Exercise instructions
Once the line holding "Since image 1: 4.4 seconds elapsed." is found in the entries below, restate it and each line after it word for word, with no pictures.

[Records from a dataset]

====================

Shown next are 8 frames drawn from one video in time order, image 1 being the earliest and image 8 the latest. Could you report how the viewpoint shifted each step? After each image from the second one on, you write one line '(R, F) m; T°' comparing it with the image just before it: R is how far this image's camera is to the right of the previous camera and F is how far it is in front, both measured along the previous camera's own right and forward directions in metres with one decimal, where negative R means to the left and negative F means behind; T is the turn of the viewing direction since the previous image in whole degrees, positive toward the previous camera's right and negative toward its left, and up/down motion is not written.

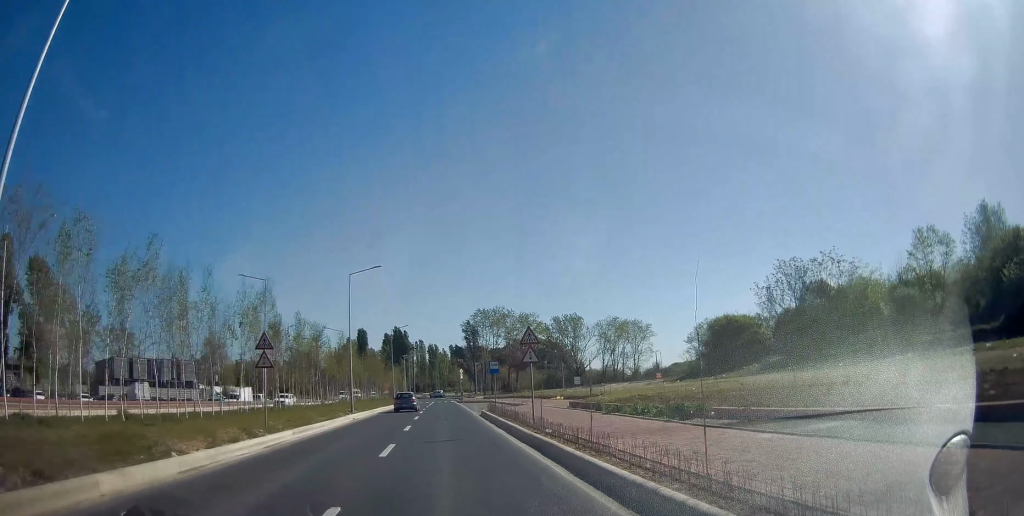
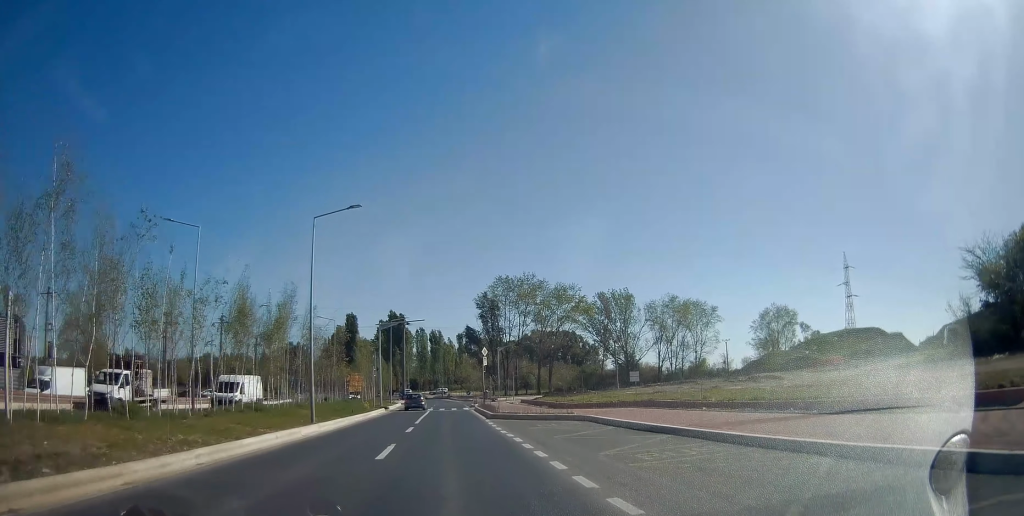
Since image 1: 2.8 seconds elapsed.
(+0.4, +44.4) m; 0°
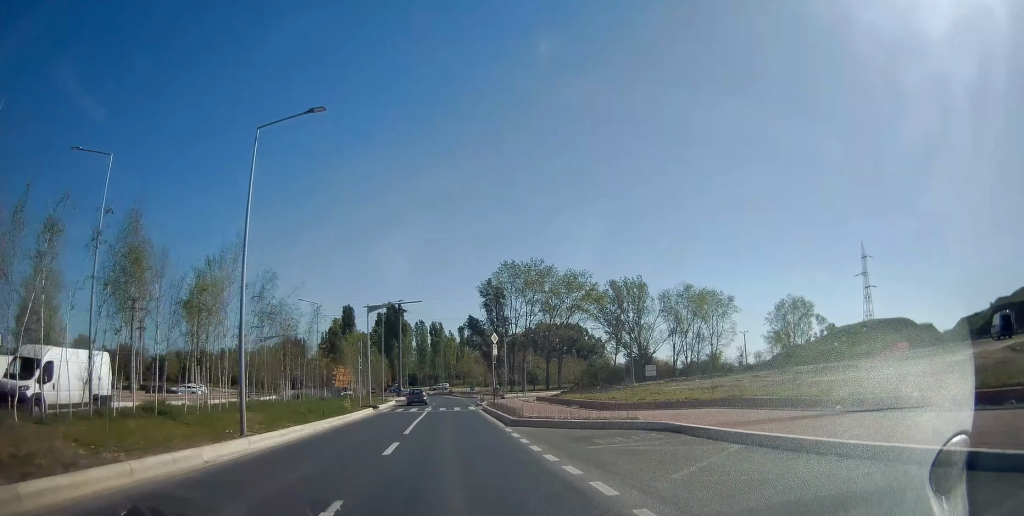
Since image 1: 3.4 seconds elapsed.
(-0.2, +8.8) m; -1°
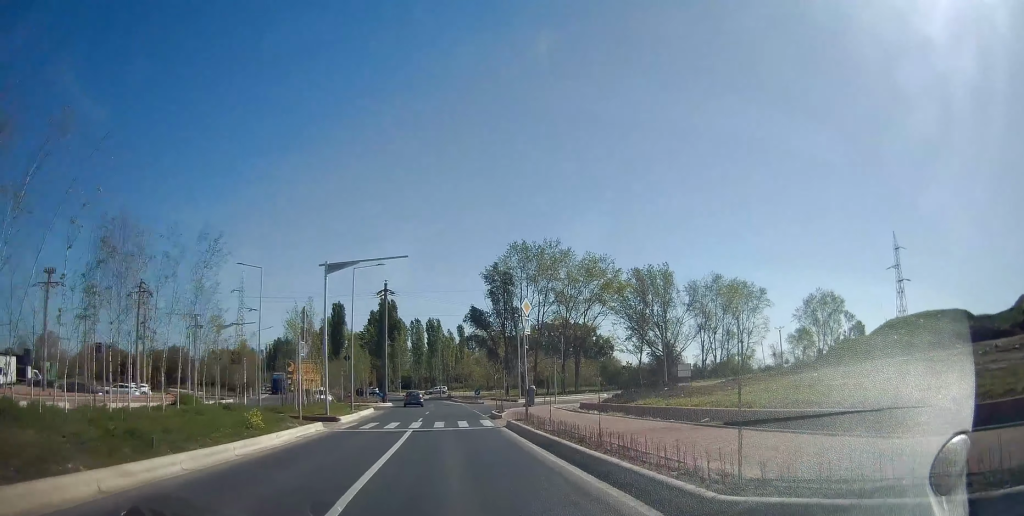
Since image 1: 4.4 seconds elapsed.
(-0.2, +16.4) m; 0°
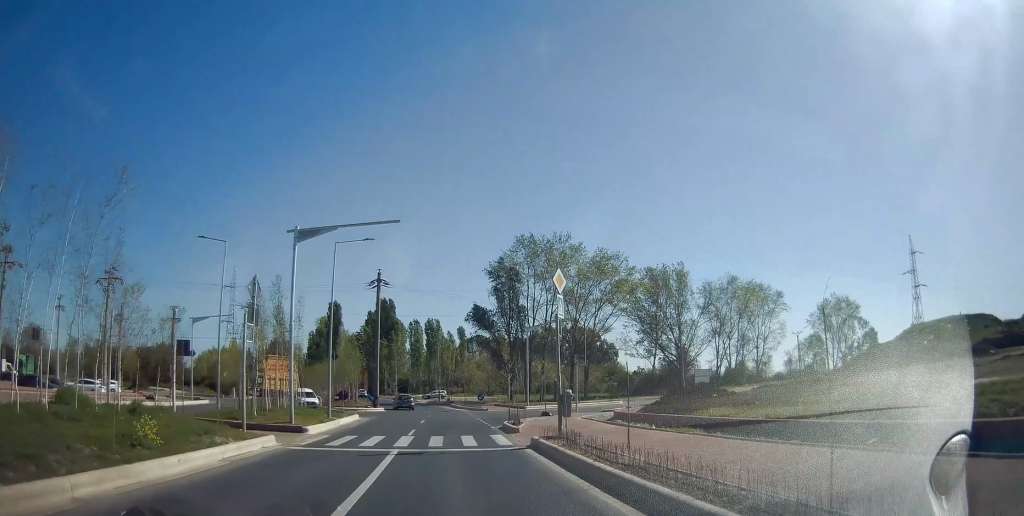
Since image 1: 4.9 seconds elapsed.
(0.0, +7.1) m; 0°
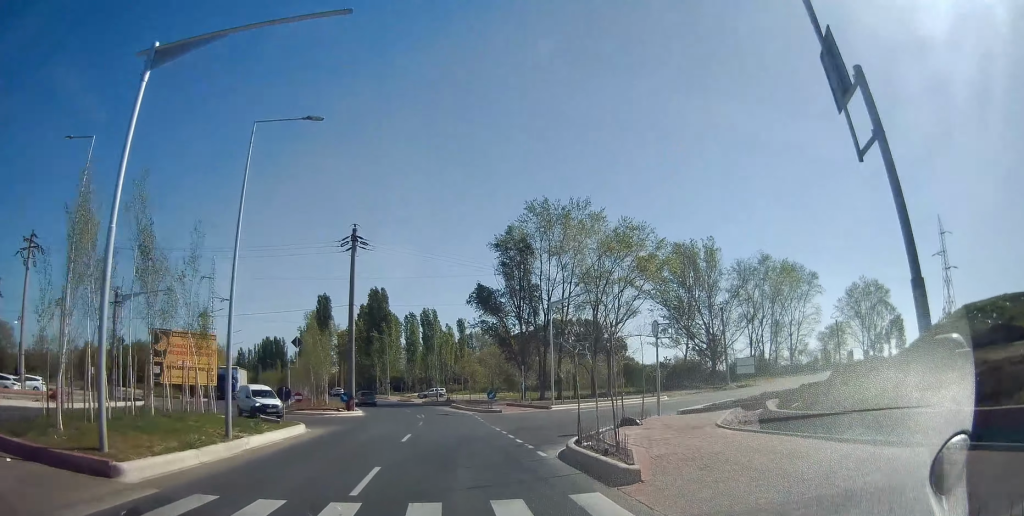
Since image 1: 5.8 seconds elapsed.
(+0.1, +13.9) m; 0°
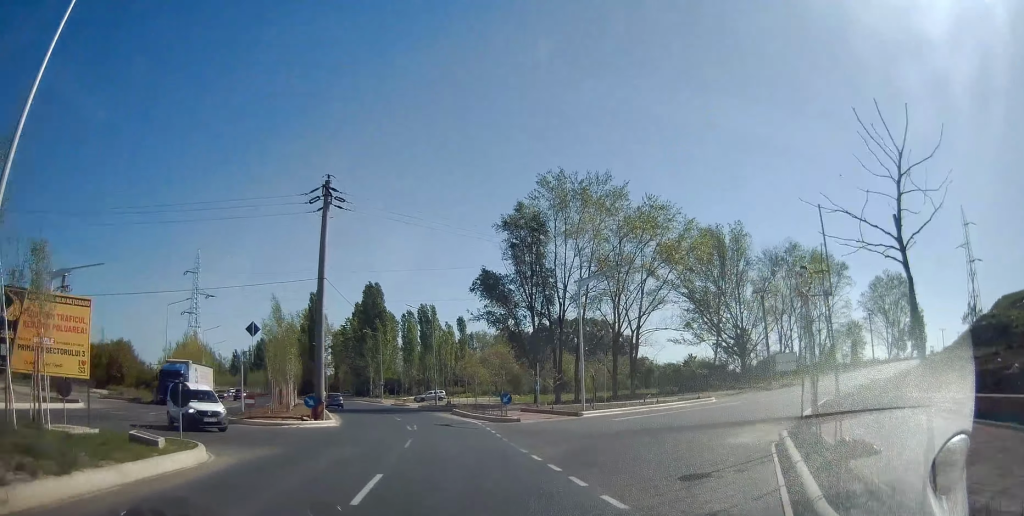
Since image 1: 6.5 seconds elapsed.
(0.0, +9.7) m; 0°
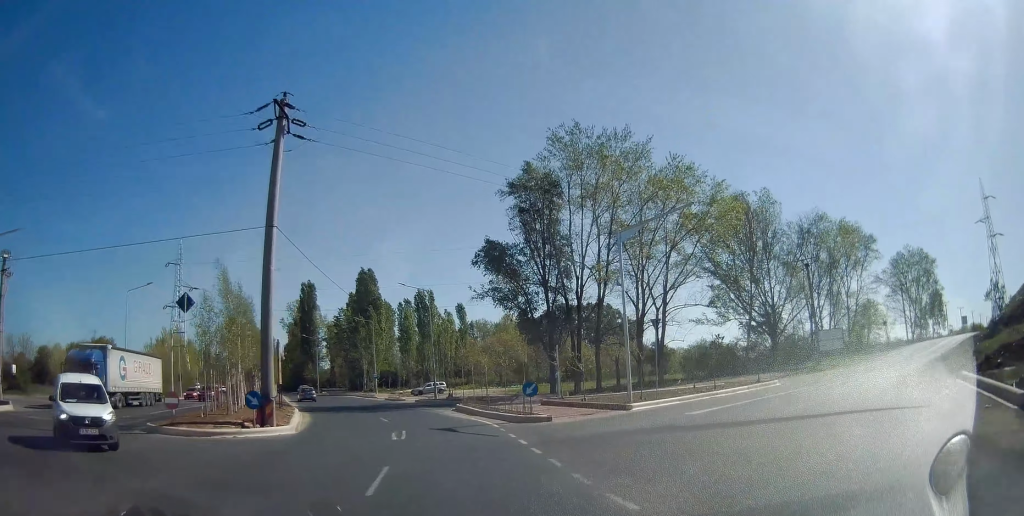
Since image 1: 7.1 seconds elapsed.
(0.0, +8.4) m; 0°

====================

Task response
Since image 1: 4.4 seconds elapsed.
(-0.2, +16.4) m; 0°
Since image 1: 4.9 seconds elapsed.
(0.0, +7.1) m; 0°
Since image 1: 5.8 seconds elapsed.
(+0.1, +13.9) m; 0°
Since image 1: 6.5 seconds elapsed.
(0.0, +9.7) m; 0°
Since image 1: 7.1 seconds elapsed.
(0.0, +8.4) m; 0°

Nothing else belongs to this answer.